И Бозуул рассказал о коварстве Кокчокеза, о буйстве десяти сыновей Орозду, об отравлении тысячи киргизских воинов, о бегстве и смерти Бая, о нищете матери и жены Манаса.
Слезы обиды и пламя гнева выступили на лицах богатырей, слушавших Бозуула. Старый Джакып не выдержал, разрыдался. Тогда Сыргак, задыхаясь и негодуя, крикнул:
— Бакай! Бозуул! Почему вы не убили Кокчокеза и десятерых буянов? Почему вы не наказали их людей? Как могли вы привести их сюда, чтобы осквернить землю отцов?

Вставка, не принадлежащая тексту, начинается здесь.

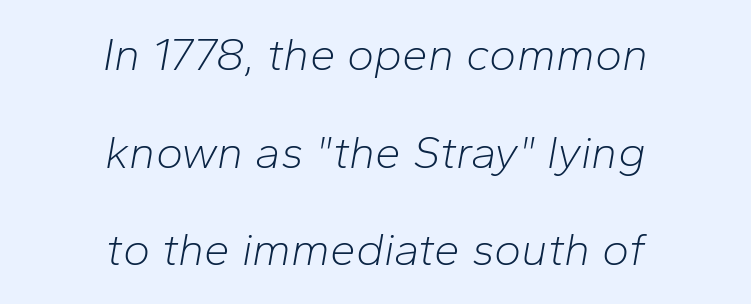
{"italic": "yes", "lean": "right", "slant_degrees": 10, "bold": "no", "weight": "light", "width": "normal", "stroke_contrast": "low", "x_height": "medium", "monospaced": "no", "underline": "no", "align": "center", "line_spacing": "loose", "line_spacing_ratio": 2.12, "letter_spacing": "normal", "letter_spacing_em": 0.0, "glyph_px": 46}
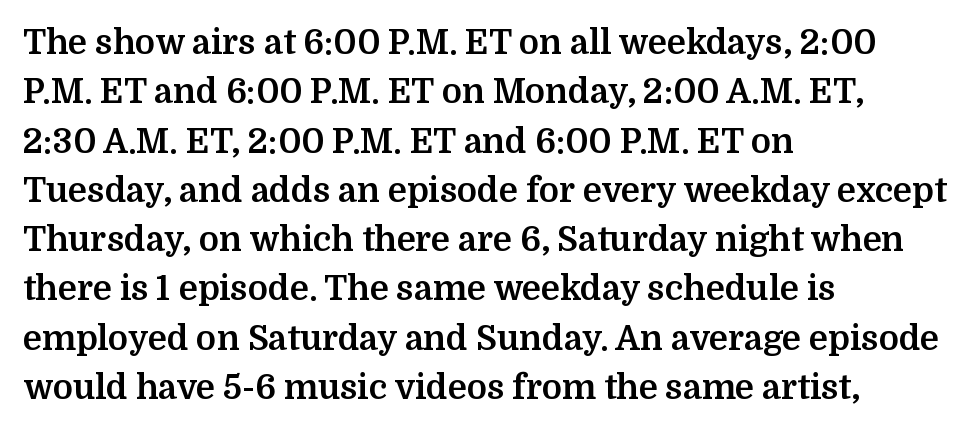
The image shows 34 px bold serif type, upright; set left-aligned, normal line spacing (1.45x), normal letter spacing, not underlined; medium stroke contrast and a medium x-height.

Все воины взглянули на Бакая, а тот сказал:
— Я не хотел лишать Манаса сладости праведной мести, поэтому я приказал не убивать их.
Тогда воины взглянули на Манаса и увидели, что у него лик вождя. Манас сказал:
— Развяжите их. Я не хочу, чтобы кровь киргиза, пролитая киргизом, обагрила землю отцов в час возвращения. Не причиняйте вреда ни им, ни их людям. Я прощаю их.
Кокчокез и десять буянов пали к ногам Манаса, жарко благодаря его за милость. Джигиты зашумели, не одобряя поступка Манаса, а старейшины и зрелые мужи поразились мудрости и великодушию киргизского вождя. И тогда-то назвали они Манаса так: «Великодушный».
Когда воины стали наслаждаться встречей со своими близкими, Манас тихо сказал Кошою и Бакаю:
— Поедемте со мной.
Богатыри поскакали за своим вождем. Манас вывел их на вершину горы. Она круто обрывалась высоко над зеленой долиной. Вся земля отцов, из конца в конец, благодатная, благоуханная, раскинулась внизу перед глазами богатырей. Они услышали рев реки Чу, бурно катящей огромные валуны по дикому ущелью и мирно бегущей по степям. Они увидели Иссык-Куль, огромное озеро, чья теплая вода голубела в котловине среди снеговых хребтов. Они увидели многоводную реку Нарын. Они увидели прямо под собой реку Талас, быструю вверху, медленную внизу. Река эта разделялась на рукава, и между рукавами, окруженные со всех сторон водой, зеленели тучные луга.
— Спустимся к реке, — сказал Манас.
Богатыри помчались по невиданной крутизне и достигли берега реки, обильно поросшего камышом. Белые и желтые цветы шиповника, розовая жимолость, красная таволга пестрели вокруг, подобно ковру под ногами царственных елей. Река неслась по каменистому руслу, как песня народа — неведомо где началась, неведомо где закончится.
И Манас спешился и припал к реке, и вода с шумом струилась, касаясь его губ, касаясь его ресниц. И Манас жадно целовал эту воду, суровую, гневную, живую воду родины.